PROBLEM TO SOLVE ▸
Check each line of the records below for the word "miterlimit" and copy those where it appears.

DATA ▸
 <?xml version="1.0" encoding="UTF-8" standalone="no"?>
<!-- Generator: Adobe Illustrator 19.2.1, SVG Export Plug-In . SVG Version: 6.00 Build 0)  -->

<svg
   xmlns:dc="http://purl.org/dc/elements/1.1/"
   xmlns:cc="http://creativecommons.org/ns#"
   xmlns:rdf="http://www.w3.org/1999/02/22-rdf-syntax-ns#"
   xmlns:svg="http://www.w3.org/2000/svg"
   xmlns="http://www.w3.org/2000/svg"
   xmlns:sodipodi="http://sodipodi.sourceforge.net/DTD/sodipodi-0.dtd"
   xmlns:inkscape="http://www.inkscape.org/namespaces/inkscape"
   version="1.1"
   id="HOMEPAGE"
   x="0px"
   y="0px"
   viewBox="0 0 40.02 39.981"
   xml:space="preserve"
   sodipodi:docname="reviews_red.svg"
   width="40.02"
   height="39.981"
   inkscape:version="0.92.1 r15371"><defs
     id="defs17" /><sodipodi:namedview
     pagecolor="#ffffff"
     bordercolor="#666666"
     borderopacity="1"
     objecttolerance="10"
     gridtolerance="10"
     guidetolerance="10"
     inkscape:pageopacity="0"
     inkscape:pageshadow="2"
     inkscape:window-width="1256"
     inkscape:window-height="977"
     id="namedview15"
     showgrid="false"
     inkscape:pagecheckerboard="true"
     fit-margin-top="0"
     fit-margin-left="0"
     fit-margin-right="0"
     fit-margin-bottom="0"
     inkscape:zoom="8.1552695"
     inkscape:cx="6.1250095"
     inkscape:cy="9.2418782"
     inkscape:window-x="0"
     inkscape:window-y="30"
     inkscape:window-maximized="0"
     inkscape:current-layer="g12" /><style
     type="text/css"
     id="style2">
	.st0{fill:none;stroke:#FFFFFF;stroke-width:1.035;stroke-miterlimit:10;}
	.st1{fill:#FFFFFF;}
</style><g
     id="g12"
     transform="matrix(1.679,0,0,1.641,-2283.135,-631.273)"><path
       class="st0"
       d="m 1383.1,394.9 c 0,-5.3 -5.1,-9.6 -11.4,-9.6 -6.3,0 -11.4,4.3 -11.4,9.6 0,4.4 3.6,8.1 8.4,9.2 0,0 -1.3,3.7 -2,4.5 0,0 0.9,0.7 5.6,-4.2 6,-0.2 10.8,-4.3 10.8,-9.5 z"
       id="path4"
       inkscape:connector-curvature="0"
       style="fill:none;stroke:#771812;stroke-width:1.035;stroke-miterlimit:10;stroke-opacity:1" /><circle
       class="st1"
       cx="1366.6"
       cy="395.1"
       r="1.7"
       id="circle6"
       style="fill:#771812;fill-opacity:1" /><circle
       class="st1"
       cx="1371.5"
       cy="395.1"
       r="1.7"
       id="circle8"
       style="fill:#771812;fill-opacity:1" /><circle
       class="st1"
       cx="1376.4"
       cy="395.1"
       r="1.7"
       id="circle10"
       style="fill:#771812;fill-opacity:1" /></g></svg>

ANSWER BELOW ▸
	.st0{fill:none;stroke:#FFFFFF;stroke-width:1.035;stroke-miterlimit:10;}
       style="fill:none;stroke:#771812;stroke-width:1.035;stroke-miterlimit:10;stroke-opacity:1" /><circle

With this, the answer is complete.